Records from a data source:
Start of Block

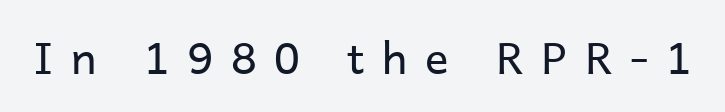
Unmarked baselines from the first word to the last. Stems and bowls with no extra thickness — not bold. The glyphs in this specimen are sans serif. The horizontal fit of the characters is loose and conspicuously gappy. The face used here is proportionally spaced, like ordinary book or web type. These lines were composed using upright roman letters.
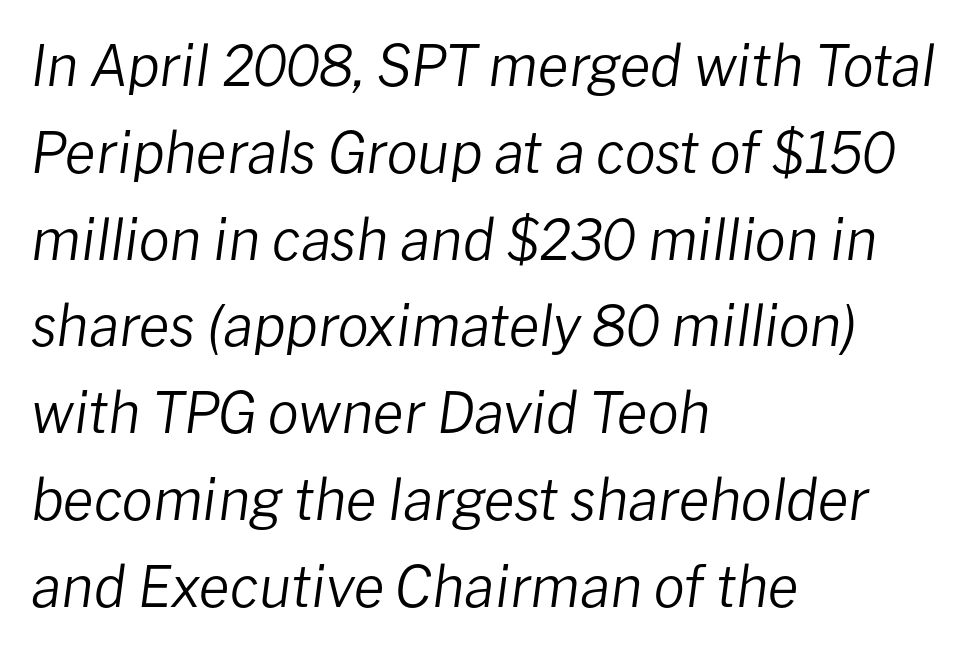
{"italic": "yes", "lean": "right", "slant_degrees": 8, "bold": "no", "weight": "regular", "width": "normal", "stroke_contrast": "low", "x_height": "medium", "monospaced": "no", "underline": "no", "align": "left", "line_spacing": "normal", "line_spacing_ratio": 1.55, "letter_spacing": "normal", "letter_spacing_em": 0.0, "glyph_px": 56}
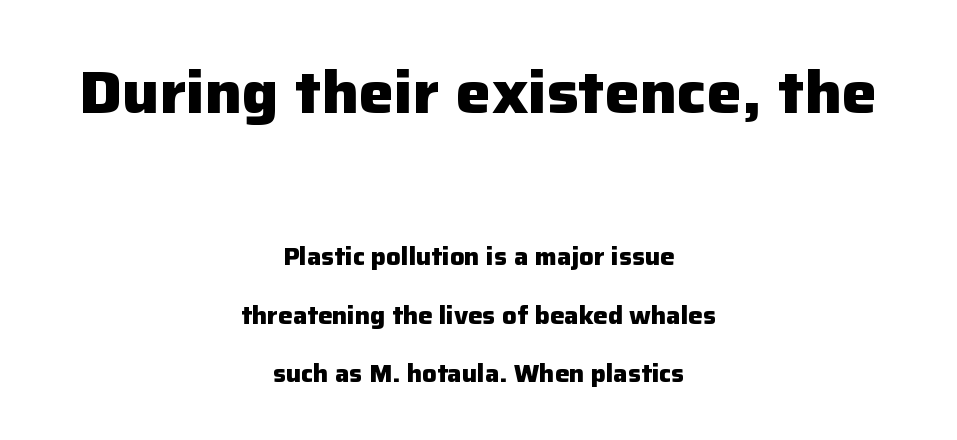
Q: Is the text bold? A: Yes.
Q: Is the text italic (slanted)? A: No, it is upright.
Q: Is the typeface a serif or a sans-serif typeface? A: Sans-serif.
Q: Is the text underlined? A: No.
Q: How is the paragraph aligned? A: Centered.
Q: Is the spacing between letters normal or unusually wide? A: Normal.
Q: Is the spacing between lines tight, normal or loose? A: Loose.
Q: Which block of text is set in a larger size, the first (top) or the second (bottom)? A: The first (top) one.
Q: Width (condensed, normal, or wide)? A: Normal.
Q: Stroke contrast? A: Low.
Q: x-height? A: Medium.
Q: Monospaced? A: No.
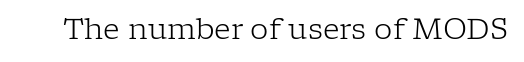
Observe the serifs anchoring each vertical stroke in this sample. Rule under the text: the space is simply empty. What stands out about the letter spacing? Nothing — it is the standard amount. The face used here is proportionally spaced, like ordinary book or web type.
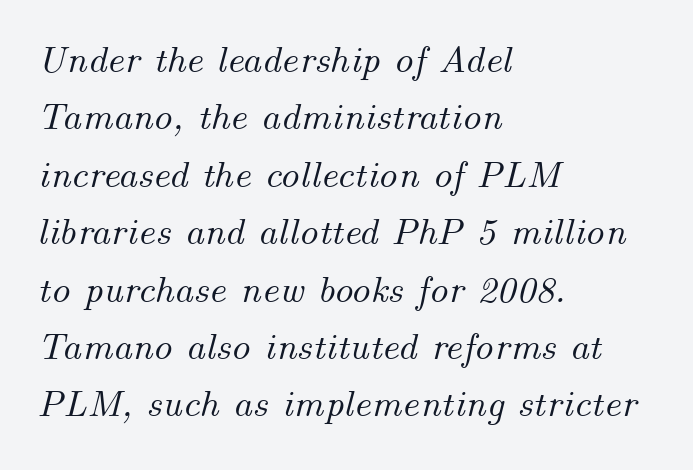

End of Block

REQUIRED ACTION: For every line above with the word "sans" in it, make a copy.

ANSWER TO THIS PROBLEM:
Unmarked baselines from the first word to the last. Stems and bowls with no extra thickness — not bold. The glyphs in this specimen are sans serif. The horizontal fit of the characters is loose and conspicuously gappy. The face used here is proportionally spaced, like ordinary book or web type. These lines were composed using upright roman letters.
Q: Is the typeface a serif or a sans-serif typeface? A: Sans-serif.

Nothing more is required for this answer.